Local alignment has not been changed.
Remove xmalloc, xcalloc, xrealloc and xstrdup from utils.h and revert calls
to the normal malloc, calloc, realloc, strdup. Add new files malloc_wrap.[ch]
with the wrapper functions. malloc_wrap.h #defines malloc etc. to the
wrapper, but only if USE_MALLOC_WRAPPERS has been defined.

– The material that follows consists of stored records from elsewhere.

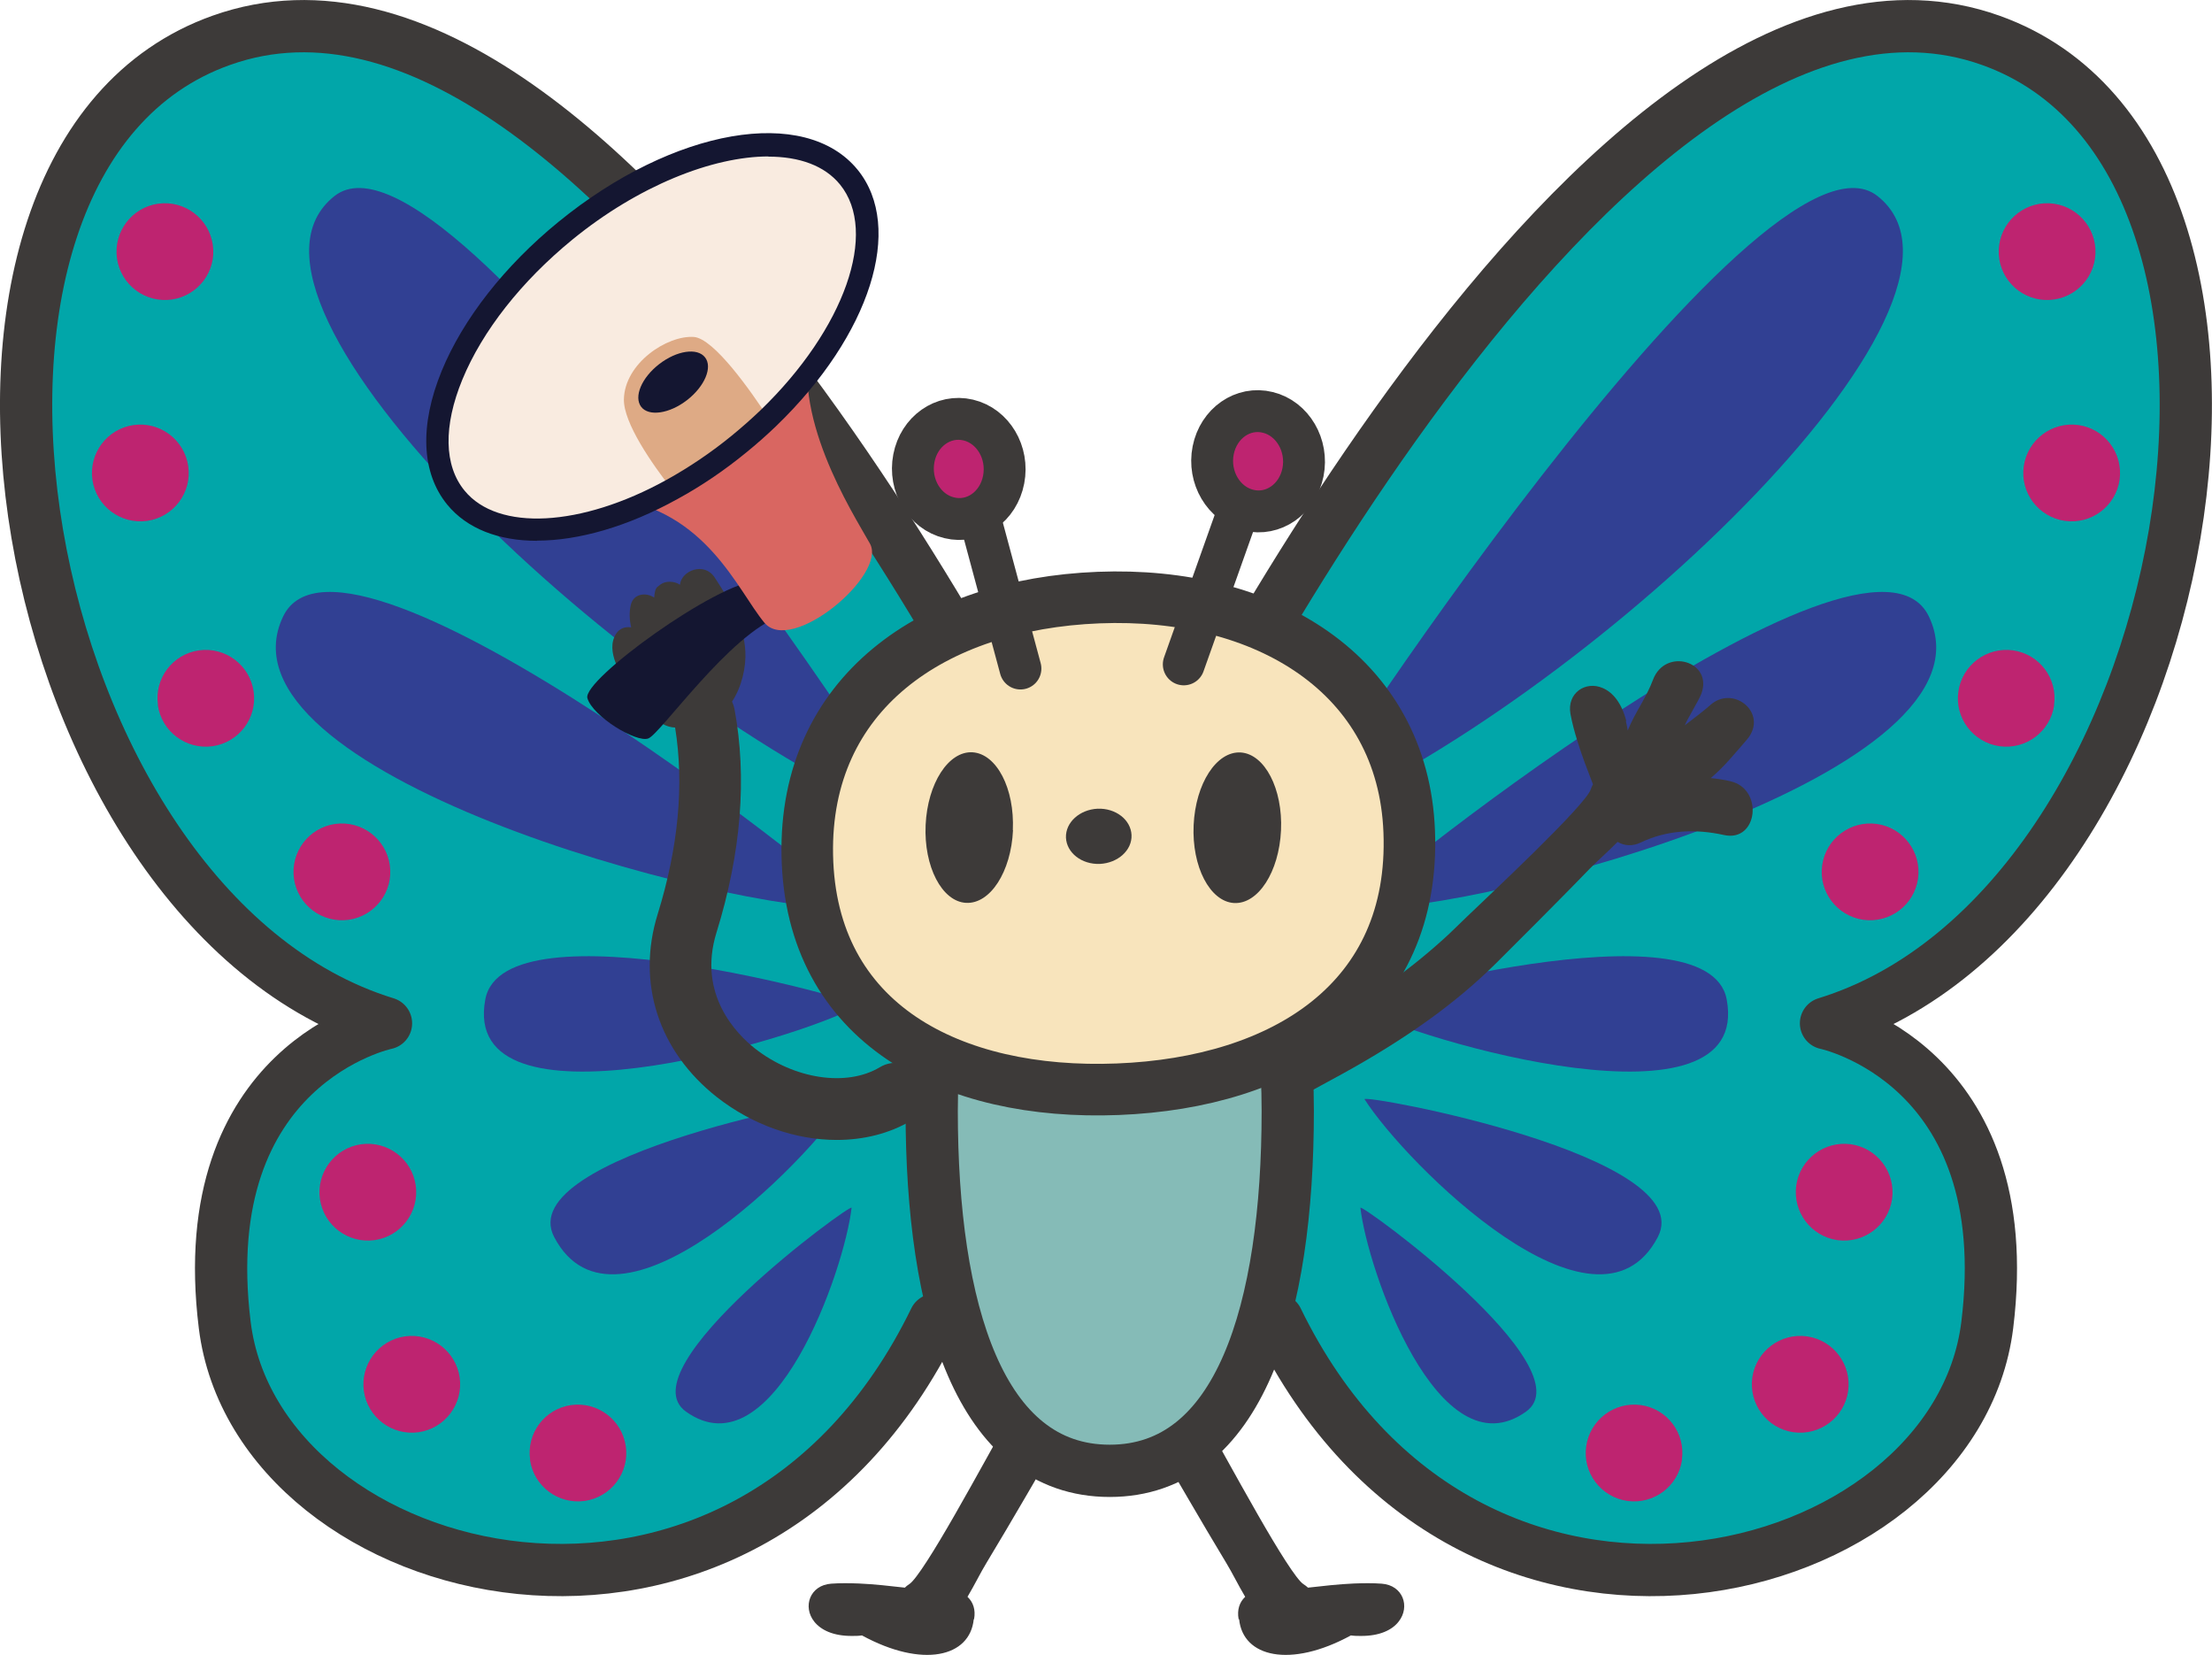 <?xml version="1.0" encoding="UTF-8"?>
<svg xmlns="http://www.w3.org/2000/svg" id="_エマルジョン燃料" data-name="エマルジョン燃料" viewBox="0 0 127.85 95.62">
  <defs>
    <style>
      .cls-1 {
        fill: #85bbb7;
      }

      .cls-1, .cls-2 {
        stroke-width: 3.02px;
      }

      .cls-1, .cls-2, .cls-3, .cls-4, .cls-5 {
        stroke: #3d3a39;
        stroke-linecap: round;
        stroke-linejoin: round;
      }

      .cls-6 {
        fill: #314093;
      }

      .cls-7 {
        fill: #f9ebe0;
      }

      .cls-8 {
        fill: #d96661;
      }

      .cls-9 {
        fill: #deaa85;
      }

      .cls-2 {
        fill: #01a6a9;
      }

      .cls-10, .cls-3 {
        fill: #be2470;
      }

      .cls-3, .cls-4 {
        stroke-width: 2.42px;
      }

      .cls-11 {
        fill: #141631;
      }

      .cls-4 {
        fill: none;
      }

      .cls-5 {
        fill: #f8e4bc;
        stroke-width: 2.98px;
      }

      .cls-12 {
        fill: #3d3a39;
      }
    </style>
  </defs>
  <g>
    <path class="cls-2" d="M66.55,48.14S92.48-5.71,115.06,2.33c19.48,6.94,12.05,50.18-9.52,56.8,0,0,11.19,2.32,9.32,17.44-1.87,15.13-29.99,22.4-41.04-.31"></path>
    <path class="cls-6" d="M75.18,47.51c-.7.29,26.62-41.49,33.34-36.18,7.77,6.15-17.18,29.49-33.34,36.18Z"></path>
    <path class="cls-6" d="M78.32,52.54c-.72-.01,29.61-24.39,33.17-16.91,4.27,8.97-25.29,17.05-33.17,16.91Z"></path>
    <path class="cls-6" d="M78.2,58.1c-.35-.2,20.53-6.07,21.6-.35,1.49,7.94-17.7,2.49-21.6.35Z"></path>
    <path class="cls-6" d="M78.87,63.52c-.22-.34,19.41,3.25,16.95,7.96-3.54,6.76-14.55-4.21-16.95-7.96Z"></path>
    <path class="cls-6" d="M78.63,69.79c-.04-.32,13.09,9.27,9.57,11.78-5.06,3.61-9.17-8.22-9.57-11.78Z"></path>
    <path class="cls-10" d="M97.22,84.35c-.22,1.53-1.63,2.59-3.16,2.38-1.53-.22-2.6-1.63-2.38-3.16.22-1.53,1.63-2.59,3.16-2.38,1.53.22,2.59,1.63,2.37,3.16Z"></path>
    <path class="cls-10" d="M106.82,80.38c-.22,1.53-1.63,2.59-3.16,2.38-1.53-.22-2.59-1.63-2.38-3.16.22-1.53,1.63-2.59,3.16-2.38,1.53.22,2.59,1.63,2.38,3.16Z"></path>
    <path class="cls-10" d="M109.36,69.28c-.22,1.53-1.63,2.59-3.16,2.38-1.53-.22-2.59-1.63-2.38-3.16.22-1.53,1.63-2.59,3.16-2.38,1.53.22,2.59,1.63,2.38,3.16Z"></path>
    <path class="cls-10" d="M110.86,50.77c-.22,1.53-1.63,2.59-3.16,2.38-1.53-.22-2.6-1.63-2.38-3.16.22-1.53,1.63-2.59,3.16-2.38,1.53.22,2.59,1.63,2.38,3.16Z"></path>
    <path class="cls-10" d="M118.73,40.74c-.22,1.53-1.63,2.59-3.16,2.38-1.53-.22-2.6-1.63-2.38-3.16.22-1.53,1.63-2.59,3.16-2.38,1.53.22,2.59,1.63,2.37,3.16Z"></path>
    <path class="cls-10" d="M122.51,27.72c-.22,1.53-1.63,2.59-3.16,2.38-1.53-.22-2.6-1.63-2.38-3.16.22-1.53,1.63-2.59,3.16-2.38,1.53.22,2.59,1.63,2.38,3.16Z"></path>
    <path class="cls-10" d="M121.09,14.93c-.22,1.53-1.63,2.59-3.16,2.38-1.53-.22-2.6-1.63-2.38-3.16.22-1.53,1.63-2.59,3.16-2.38,1.53.22,2.59,1.63,2.38,3.16Z"></path>
  </g>
  <g>
    <path class="cls-2" d="M61.3,48.14S35.37-5.71,12.79,2.33C-6.7,9.26.74,52.51,22.31,59.13c0,0-11.19,2.32-9.32,17.44,1.87,15.13,29.99,22.4,41.04-.31"></path>
    <path class="cls-6" d="M52.67,47.51c.7.29-26.62-41.49-33.34-36.18-7.77,6.15,17.18,29.49,33.34,36.18Z"></path>
    <path class="cls-6" d="M49.53,52.54c.72-.01-29.61-24.39-33.17-16.91-4.27,8.97,25.29,17.05,33.17,16.91Z"></path>
    <path class="cls-6" d="M49.65,58.1c.35-.2-20.53-6.07-21.6-.35-1.49,7.94,17.7,2.49,21.6.35Z"></path>
    <path class="cls-6" d="M48.98,63.52c.22-.34-19.41,3.25-16.95,7.96,3.54,6.76,14.55-4.21,16.95-7.96Z"></path>
    <path class="cls-6" d="M49.22,69.79c.04-.32-13.09,9.27-9.57,11.78,5.06,3.61,9.17-8.22,9.57-11.78Z"></path>
    <path class="cls-10" d="M30.63,84.35c.22,1.53,1.63,2.59,3.16,2.38,1.53-.22,2.6-1.63,2.38-3.16-.22-1.53-1.63-2.59-3.16-2.38-1.53.22-2.59,1.63-2.37,3.16Z"></path>
    <path class="cls-10" d="M21.03,80.38c.22,1.53,1.63,2.59,3.16,2.38,1.53-.22,2.59-1.63,2.38-3.16-.22-1.53-1.63-2.59-3.16-2.38-1.53.22-2.59,1.63-2.38,3.16Z"></path>
    <path class="cls-10" d="M18.49,69.28c.22,1.53,1.63,2.59,3.16,2.38,1.53-.22,2.59-1.63,2.38-3.16-.22-1.53-1.63-2.59-3.16-2.38-1.53.22-2.59,1.63-2.38,3.16Z"></path>
    <path class="cls-10" d="M16.99,50.77c.22,1.53,1.63,2.59,3.16,2.38,1.53-.22,2.6-1.63,2.38-3.16-.22-1.53-1.63-2.59-3.16-2.38-1.53.22-2.59,1.63-2.38,3.16Z"></path>
    <path class="cls-10" d="M9.12,40.74c.22,1.53,1.63,2.59,3.16,2.38,1.53-.22,2.6-1.63,2.38-3.16-.22-1.53-1.63-2.59-3.16-2.38-1.53.22-2.59,1.63-2.37,3.16Z"></path>
    <path class="cls-10" d="M5.34,27.72c.22,1.53,1.63,2.59,3.16,2.38,1.53-.22,2.6-1.63,2.38-3.16-.22-1.53-1.63-2.59-3.16-2.38-1.53.22-2.59,1.63-2.38,3.16Z"></path>
    <path class="cls-10" d="M6.76,14.93c.22,1.53,1.63,2.59,3.16,2.38,1.53-.22,2.6-1.63,2.38-3.16-.22-1.53-1.63-2.59-3.16-2.38-1.53.22-2.59,1.63-2.38,3.16Z"></path>
  </g>
  <path class="cls-12" d="M93.97,41.66c.04.17.08.35.11.55.43-1.06,1.06-1.86,1.46-2.93.71-1.89,3.5-1.07,2.79.82-.14.37-.81,1.45-.95,1.81.52-.4,1.24-.95,1.45-1.15.64-.59,1.44-.51,1.97-.11.6.45.85,1.32.14,2.12-.69.79-1.27,1.52-2.06,2.19.38.04.75.09,1.12.18,1.95.43,1.61,3.55-.36,3.11-1.63-.36-3.28-.3-4.8.43-.5.24-.96.19-1.32-.02,0,0-.02,0-.03-.01-.56.57-1.17,1.1-1.61,1.55-1.02,1.06-2.06,2.1-3.1,3.15-.43.43-.87.87-1.3,1.3-.33.33-.66.66-.99.99-1.24,1.23-2.55,2.31-3.91,3.29-1.6,1.15-3.27,2.17-4.99,3.12-1.1.61-2.22,1.21-3.35,1.79-.9.46-1.8.92-2.71,1.39-.82.42-1.64.84-2.46,1.28-1.56.83-5.41,1.48-5.28.92.02-.08.12-.19.34-.34,0,0,0,0,0,0,2.05-1.33,4.71-2.9,7.48-4.59,1.31-.8,2.65-1.63,3.96-2.47,2.97-1.9,5.77-3.87,7.82-5.73.21-.19.43-.39.62-.58.78-.77,2.88-2.73,4.72-4.54,1.63-1.61,3.06-3.11,3.21-3.56.04-.11.08-.21.13-.3-.32-.83-.64-1.65-.9-2.5-.16-.51-.3-1.03-.4-1.56-.22-1.21.87-1.94,1.87-1.5.56.24,1.09.84,1.36,1.92Z"></path>
  <g>
    <path class="cls-12" d="M56.3,93.56c.1-.55-.06-.98-.36-1.27,0,0-.01-.01-.02-.02.41-.69.76-1.41,1.09-1.95.76-1.26,1.51-2.53,2.25-3.8.31-.53.62-1.06.92-1.59.23-.4.47-.81.7-1.21l-2.1-2.65c-.13.25-.26.51-.4.75-.54.95-1.91,3.47-3.2,5.72-1.14,1.99-2.23,3.75-2.63,4-.1.06-.18.13-.25.2-.88-.1-1.76-.2-2.65-.24-.54-.02-1.07-.03-1.61.01-1.23.09-1.66,1.33-.98,2.19.38.48,1.09.84,2.2.83.18,0,.36,0,.56-.03,3.51,1.91,6.24,1.25,6.46-.93Z"></path>
    <path class="cls-12" d="M71.59,93.56c-.1-.55.06-.98.36-1.27,0,0,.01-.01.02-.02-.41-.69-.76-1.41-1.09-1.95-.76-1.26-1.51-2.53-2.25-3.8-.31-.53-.62-1.06-.92-1.59-.23-.4-.47-.81-.7-1.21l2.1-2.65c.13.25.27.51.4.75.54.95,1.91,3.47,3.2,5.72,1.14,1.99,2.23,3.75,2.63,4,.1.06.18.13.26.2.88-.1,1.76-.2,2.65-.24.54-.02,1.07-.03,1.61.01,1.23.09,1.66,1.33.98,2.19-.37.48-1.09.84-2.2.83-.18,0-.36,0-.56-.03-3.51,1.91-6.24,1.25-6.46-.93Z"></path>
    <path class="cls-1" d="M74.43,64.19c0,11.49-2.77,20.8-10.29,20.8s-10.29-9.31-10.29-20.8,4.61-20.8,10.29-20.8,10.29,9.31,10.29,20.8Z"></path>
  </g>
  <g>
    <path class="cls-5" d="M81.45,48.05c.38,9.75-7.23,14.51-16.84,14.89-9.61.38-17.76-3.76-17.95-13.52-.18-9.34,7.23-14.51,16.84-14.89,9.61-.38,17.6,4.41,17.95,13.52Z"></path>
    <path class="cls-12" d="M58.55,47.97c-.11,2.41-1.32,4.28-2.72,4.2-1.39-.08-2.44-2.1-2.33-4.5.11-2.4,1.32-4.28,2.71-4.2,1.4.09,2.44,2.1,2.33,4.5Z"></path>
    <path class="cls-12" d="M74.04,47.98c-.11,2.4-1.32,4.28-2.72,4.2-1.39-.09-2.44-2.1-2.33-4.5.11-2.4,1.32-4.28,2.72-4.2,1.39.09,2.44,2.1,2.33,4.5Z"></path>
    <line class="cls-4" x1="55.97" y1="27.45" x2="58.98" y2="38.63"></line>
    <line class="cls-4" x1="72.26" y1="27.59" x2="68.42" y2="38.39"></line>
    <path class="cls-3" d="M58.01,27.71c-.3,1.57-1.7,2.56-3.14,2.21-1.44-.34-2.35-1.88-2.05-3.44.3-1.56,1.7-2.55,3.14-2.21,1.44.34,2.35,1.88,2.05,3.44Z"></path>
    <path class="cls-3" d="M75.31,27.29c-.31,1.56-1.72,2.54-3.15,2.19-1.44-.35-2.35-1.9-2.04-3.46.31-1.56,1.72-2.55,3.16-2.19,1.43.35,2.34,1.9,2.03,3.46Z"></path>
    <path class="cls-12" d="M65.4,48.25c.04.88-.79,1.62-1.83,1.67-1.05.04-1.92-.64-1.96-1.52-.03-.88.79-1.62,1.83-1.67,1.05-.04,1.92.64,1.96,1.52Z"></path>
  </g>
  <path class="cls-12" d="M53.29,62.28c-.51-.84-1.6-1.12-2.44-.61-1.92,1.15-4.95.69-7.21-1.08-1.04-.82-3.34-3.11-2.23-6.7,1.43-4.6,1.78-8.96,1.04-12.93-.03-.15-.08-.29-.14-.42.56-.84.82-2,.77-2.9-.08-1.59-.93-2.99-1.78-4.28-.6-.91-1.92-.39-2,.43,0,0-.02-.01-.03-.02-.29-.19-.8-.22-1.09,0-.06.05-.13.1-.19.15-.11.09-.16.33-.18.61-.47-.32-1.2-.23-1.35.42-.1.43-.08.87.02,1.3-.36-.05-.67.06-.87.37-.65,1,.3,2.45.89,3.27.36.5.76,1.01,1.2,1.45.43.43.8.68,1.32.7.53,3.29.19,6.92-1.01,10.79-1.23,3.96.05,7.91,3.43,10.57,2.07,1.62,4.56,2.47,6.92,2.47,1.56,0,3.06-.37,4.33-1.13.84-.51,1.12-1.6.61-2.45Z"></path>
  <g>
    <path class="cls-11" d="M45.12,35.59c-2.96,1.05-6.95,6.83-7.65,7.08-.7.26-3.22-1.28-3.52-2.33-.3-1.05,7.51-6.71,9.85-6.78.6.48,1.31,2.03,1.31,2.03Z"></path>
    <path class="cls-8" d="M46.96,19.27c-1.4,4.59,2.31,10.34,3.32,12.14,1.01,1.79-4.55,6.47-6.11,4.56-1.57-1.91-3.33-6.43-8.76-7.19,2.3-5.5,11.55-9.5,11.55-9.5Z"></path>
    <path class="cls-7" d="M44.42,24.15c-.53.51-1.1,1.01-1.69,1.5-1.27,1.03-2.58,1.92-3.89,2.63-5.16,2.85-10.28,3.18-12.49.46-2.77-3.4.06-10.31,6.34-15.42,6.27-5.11,13.6-6.5,16.38-3.1,2.51,3.08.42,9.03-4.65,13.92Z"></path>
    <path class="cls-9" d="M44.42,24.15c-.53.51-1.1,1.01-1.69,1.5-1.27,1.03-2.58,1.92-3.89,2.63-1.16-1.48-2.8-3.84-2.78-5.2.04-2.09,2.49-3.71,4.04-3.61,1.16.08,3.31,3.14,4.31,4.68Z"></path>
    <path class="cls-11" d="M31.04,31.25c-2.22,0-4.05-.7-5.19-2.09-1.5-1.84-1.61-4.58-.32-7.73,1.24-3.01,3.64-6.07,6.75-8.61,6.65-5.42,14.25-6.74,17.29-3.01,2.71,3.33.74,9.55-4.7,14.8h0c-.56.54-1.14,1.05-1.73,1.53-1.27,1.04-2.61,1.95-3.99,2.7-2.89,1.6-5.73,2.4-8.11,2.4ZM44.42,9.04c-3.24,0-7.53,1.7-11.33,4.8-2.95,2.41-5.21,5.28-6.37,8.1-1.1,2.68-1.06,4.96.13,6.41,1.93,2.36,6.73,2.11,11.67-.62,1.3-.72,2.58-1.58,3.79-2.57.56-.46,1.12-.95,1.65-1.46,4.86-4.69,6.83-10.29,4.59-13.04-.89-1.09-2.35-1.61-4.14-1.61ZM44.42,24.15h0,0Z"></path>
    <path class="cls-11" d="M40.75,20.65c.45.57-.02,1.68-1.04,2.47-1.02.79-2.21.96-2.65.39-.44-.58.02-1.68,1.04-2.47,1.02-.79,2.21-.96,2.65-.39Z"></path>
  </g>
</svg>

Put #include "malloc_wrap.h" in any file that uses *alloc or strdup. This
is also in a #ifdef USE_MALLOC_WRAPPERS ... #endif block to make using the
wrappers optional. Add -DUSE_MALLOC_WRAPPERS into the makefile so they
should normally get added.
This is an improvement on the previous method as we now don't need to
worry about stray function calls that were not changed to the wrapped version
and the code will still work even if the wrapping is disabled.
Other possible methods of doing this are using malloc_hook (glibc-specific),
adding -include malloc_wrap.h to the gcc command-line (somewhat
gcc-specific) or making our own malloc function and using dlopen (scary).
This way is probably the most portable.
Added a new utils.c wrapper err_gzclose and changed gzclose calls to use it.
Put in some more err_fflush calls before files being written are closed.
Made err_fflush call fsync. This is useful for remote filesystems where
errors may not be reported on fflush or fclose as problems at the server
end may only be detected after they have returned. If bwa is being used
only to write to local filesystems, calling fsync is not really necessary.
To disable it, comment out #define FSYNC_ON_FLUSH in utils.c.